ASSIGNED TASK:
Could you restate the entries word for word, without the images?

DATA PROVIDED:
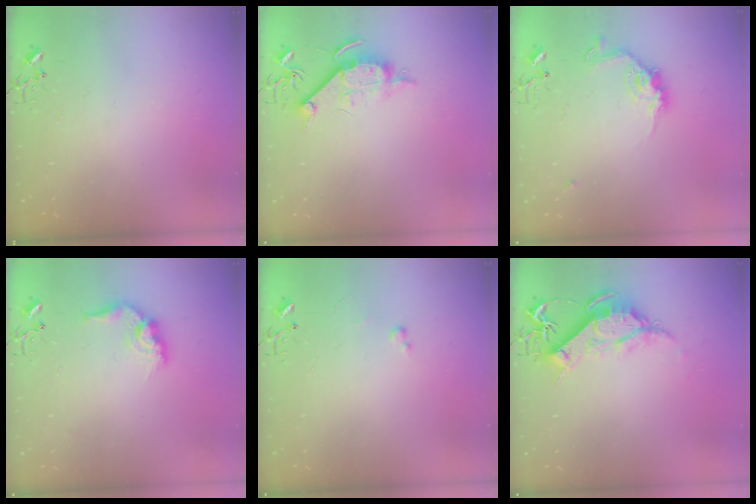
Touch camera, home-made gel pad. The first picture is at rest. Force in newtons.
{"total": 9.3, "press": 9.2, "slide": 1.1}
{"total": 10.9, "press": 10.9, "slide": 0.5}
{"total": 12.4, "press": 12.4, "slide": 0.6}
{"total": 2.6, "press": 2.6, "slide": 0.4}
{"total": 12.5, "press": 12.4, "slide": 1.3}
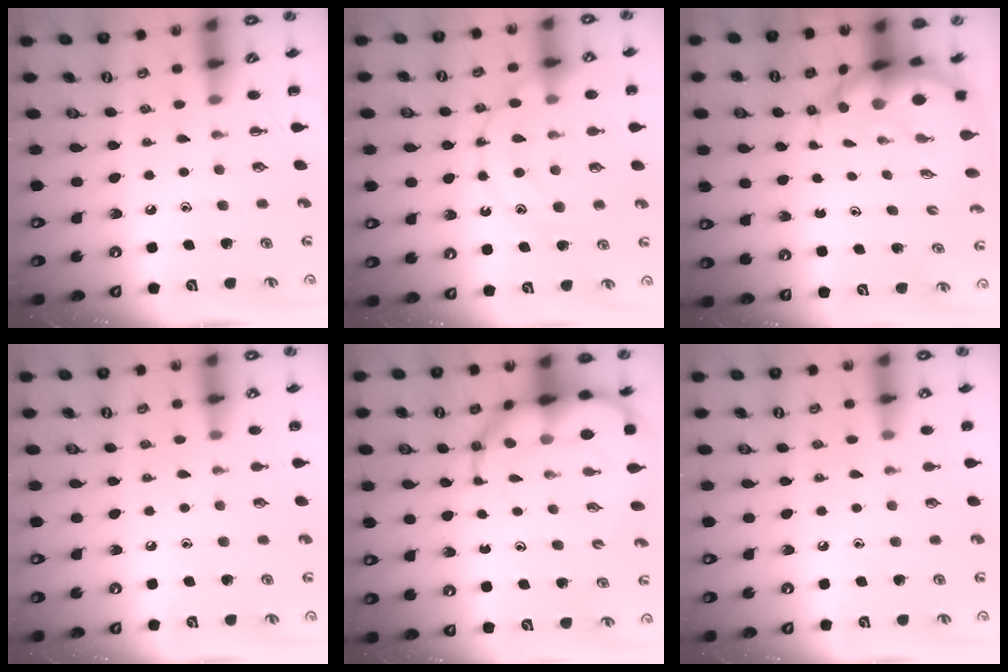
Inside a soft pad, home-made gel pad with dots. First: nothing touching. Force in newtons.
{"total": 14.8, "press": 14.8, "slide": 1.1}
{"total": 7.3, "press": 7.0, "slide": 1.9}
{"total": 5.9, "press": 5.6, "slide": 1.7}
{"total": 10.9, "press": 10.5, "slide": 2.9}
{"total": 4.8, "press": 4.5, "slide": 1.6}
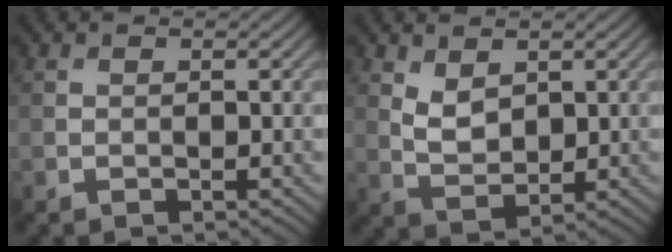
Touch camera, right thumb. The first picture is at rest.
{"total": 3.5, "force": [1.6, 2.0, 2.3], "torque": [-0.055, -0.006, 0.036]}
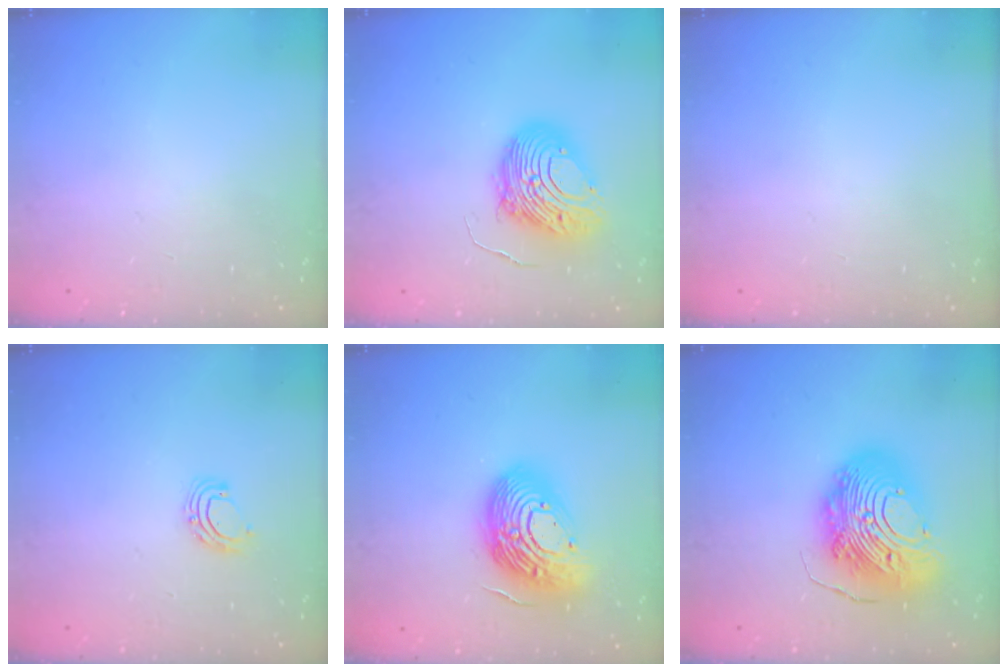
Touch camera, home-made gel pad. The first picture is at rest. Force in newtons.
{"total": 10.9, "press": 10.8, "slide": 1.3}
{"total": 0.0}
{"total": 7.6, "press": 7.5, "slide": 0.9}
{"total": 20.9, "press": 20.8, "slide": 1.8}
{"total": 20.9, "press": 20.8, "slide": 2.0}
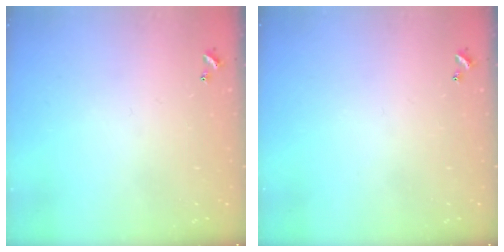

TASK RESULT:
Touch camera, home-made gel pad. The first picture is at rest. Force in newtons.
{"total": 9.3, "press": 9.2, "slide": 1.1}
{"total": 10.9, "press": 10.9, "slide": 0.5}
{"total": 12.4, "press": 12.4, "slide": 0.6}
{"total": 2.6, "press": 2.6, "slide": 0.4}
{"total": 12.5, "press": 12.4, "slide": 1.3}
Inside a soft pad, home-made gel pad with dots. First: nothing touching. Force in newtons.
{"total": 14.8, "press": 14.8, "slide": 1.1}
{"total": 7.3, "press": 7.0, "slide": 1.9}
{"total": 5.9, "press": 5.6, "slide": 1.7}
{"total": 10.9, "press": 10.5, "slide": 2.9}
{"total": 4.8, "press": 4.5, "slide": 1.6}
Touch camera, right thumb. The first picture is at rest.
{"total": 3.5, "force": [1.6, 2.0, 2.3], "torque": [-0.055, -0.006, 0.036]}
Touch camera, home-made gel pad. The first picture is at rest. Force in newtons.
{"total": 10.9, "press": 10.8, "slide": 1.3}
{"total": 0.0}
{"total": 7.6, "press": 7.5, "slide": 0.9}
{"total": 20.9, "press": 20.8, "slide": 1.8}
{"total": 20.9, "press": 20.8, "slide": 2.0}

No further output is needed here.